Required work
Only the lines from the start of the data through the line with "The image shows 73" belong in the copy. Restate them word for word, minus the pictures.

Stored data
····················

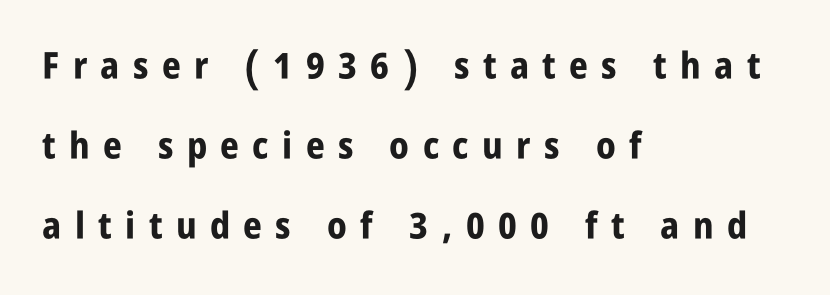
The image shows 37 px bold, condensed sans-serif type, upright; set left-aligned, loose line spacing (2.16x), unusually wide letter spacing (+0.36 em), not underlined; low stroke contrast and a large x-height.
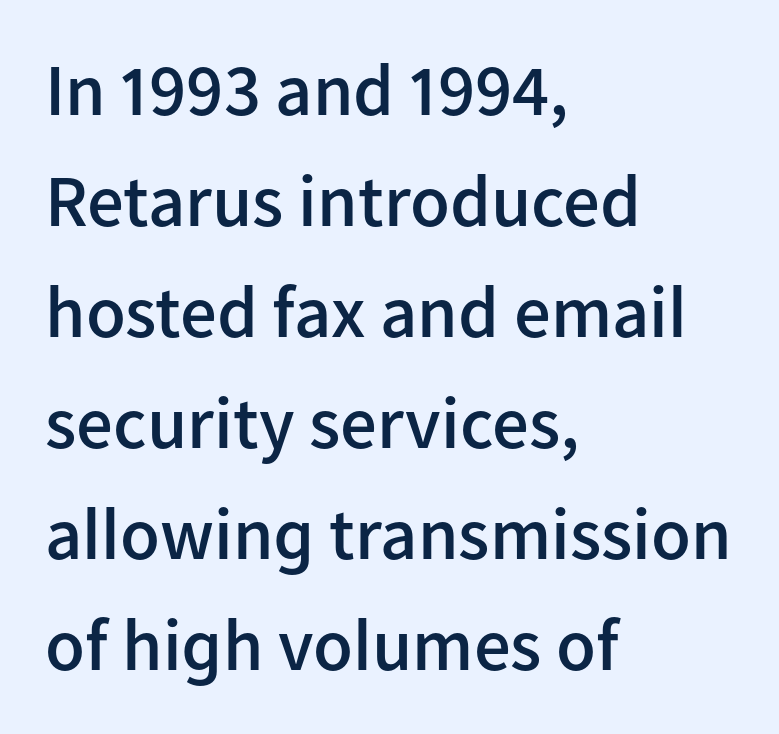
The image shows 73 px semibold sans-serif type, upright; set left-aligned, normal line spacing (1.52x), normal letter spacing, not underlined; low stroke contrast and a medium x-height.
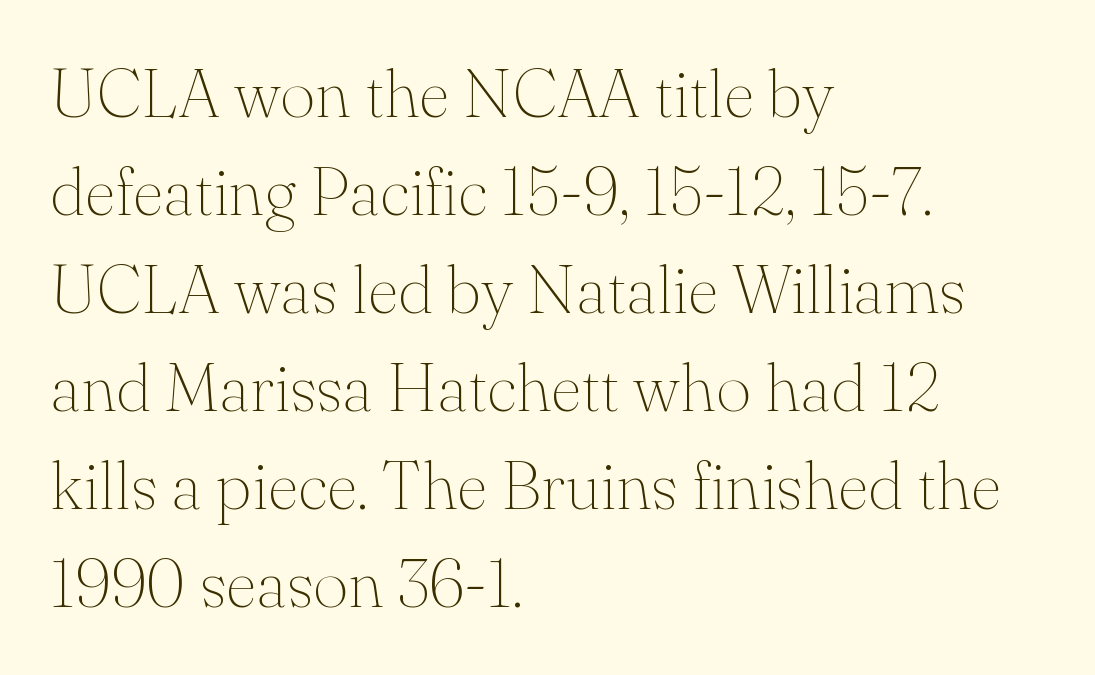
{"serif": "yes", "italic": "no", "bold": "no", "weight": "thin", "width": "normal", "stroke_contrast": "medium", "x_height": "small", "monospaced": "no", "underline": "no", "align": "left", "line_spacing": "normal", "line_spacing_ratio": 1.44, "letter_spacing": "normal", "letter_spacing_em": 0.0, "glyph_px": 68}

····················

Answer section
The image shows 37 px bold, condensed sans-serif type, upright; set left-aligned, loose line spacing (2.16x), unusually wide letter spacing (+0.36 em), not underlined; low stroke contrast and a large x-height.
The image shows 73 px semibold sans-serif type, upright; set left-aligned, normal line spacing (1.52x), normal letter spacing, not underlined; low stroke contrast and a medium x-height.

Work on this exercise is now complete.